The list of the latest additions since the beginning of September is impressive. They are called CasMINI (see Molecular Cell), Cas7-11 (see Nature), OMEGAs (see Science), and come respectively from Stanford University (Stanley Qi Lab), MIT (McGovern Institute), and the Broad Institute (Zhang Lab). CasMINI is half the size of Cas9 and could be much easier to deliver. Cas7-11 is the Cas9 of RNA. OMEGAs are a new class of widespread RNA-guided enzymes, thought to be the ancestors of CRISPR.
The CRISPR Journal was right about expanding the CRISPR toolbox: the original success of the nimble Cas9 nuclease prompted the engineering of variants and the development of homologs, siblings and distant cousins for manipulation of genomes, transcriptomes, and epigenomes.
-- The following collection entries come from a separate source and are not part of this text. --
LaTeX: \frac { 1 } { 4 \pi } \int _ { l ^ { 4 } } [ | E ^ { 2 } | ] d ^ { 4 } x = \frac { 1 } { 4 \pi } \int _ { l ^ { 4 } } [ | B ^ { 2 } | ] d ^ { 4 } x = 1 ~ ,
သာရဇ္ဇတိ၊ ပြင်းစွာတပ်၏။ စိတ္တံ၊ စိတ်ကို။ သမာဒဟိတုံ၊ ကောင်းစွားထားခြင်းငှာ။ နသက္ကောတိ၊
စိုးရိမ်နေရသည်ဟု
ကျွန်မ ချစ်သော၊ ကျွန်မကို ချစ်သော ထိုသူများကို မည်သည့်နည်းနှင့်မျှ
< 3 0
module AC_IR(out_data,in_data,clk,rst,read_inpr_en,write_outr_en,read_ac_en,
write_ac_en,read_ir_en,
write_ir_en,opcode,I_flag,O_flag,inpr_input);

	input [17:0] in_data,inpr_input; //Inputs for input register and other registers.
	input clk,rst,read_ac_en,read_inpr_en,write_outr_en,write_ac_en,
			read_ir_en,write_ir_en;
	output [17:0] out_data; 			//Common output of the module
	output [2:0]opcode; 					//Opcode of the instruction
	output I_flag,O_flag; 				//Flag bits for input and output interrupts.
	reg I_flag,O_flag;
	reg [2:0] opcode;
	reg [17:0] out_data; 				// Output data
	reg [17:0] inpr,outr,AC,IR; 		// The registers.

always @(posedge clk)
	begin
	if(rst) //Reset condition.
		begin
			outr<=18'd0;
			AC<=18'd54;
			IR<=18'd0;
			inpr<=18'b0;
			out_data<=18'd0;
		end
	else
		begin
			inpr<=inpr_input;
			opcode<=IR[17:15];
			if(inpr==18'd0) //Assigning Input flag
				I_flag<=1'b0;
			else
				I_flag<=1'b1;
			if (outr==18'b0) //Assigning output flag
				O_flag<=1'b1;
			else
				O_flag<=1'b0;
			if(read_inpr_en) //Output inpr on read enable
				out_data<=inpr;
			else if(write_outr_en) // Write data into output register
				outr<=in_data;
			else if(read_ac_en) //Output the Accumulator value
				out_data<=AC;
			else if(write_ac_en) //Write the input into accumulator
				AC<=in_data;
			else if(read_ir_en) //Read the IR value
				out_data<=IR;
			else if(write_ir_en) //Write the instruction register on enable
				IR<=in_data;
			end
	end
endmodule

“The ongoing discovery of novel variants from microbial, even viral, genomic dark matter, and the sharpening of these molecular machines by mutagenesis, screening, and rational design” is giving rise to “a multitude of CRISPR-derived tools that have enhanced and democratized genome editing”.
Let me just add that according to an analysis published in Nature Biotechnology there are almost a thousand CRISPR patents in the ‘technical improvements’ category (45% of the whole cake of CRISPR patents). It is too bad that Europe is falling behind in this category, with the US still a leader for CRISPR improvements (479 patents compiled in this category) and China as the second-largest depositor (over 300 patents).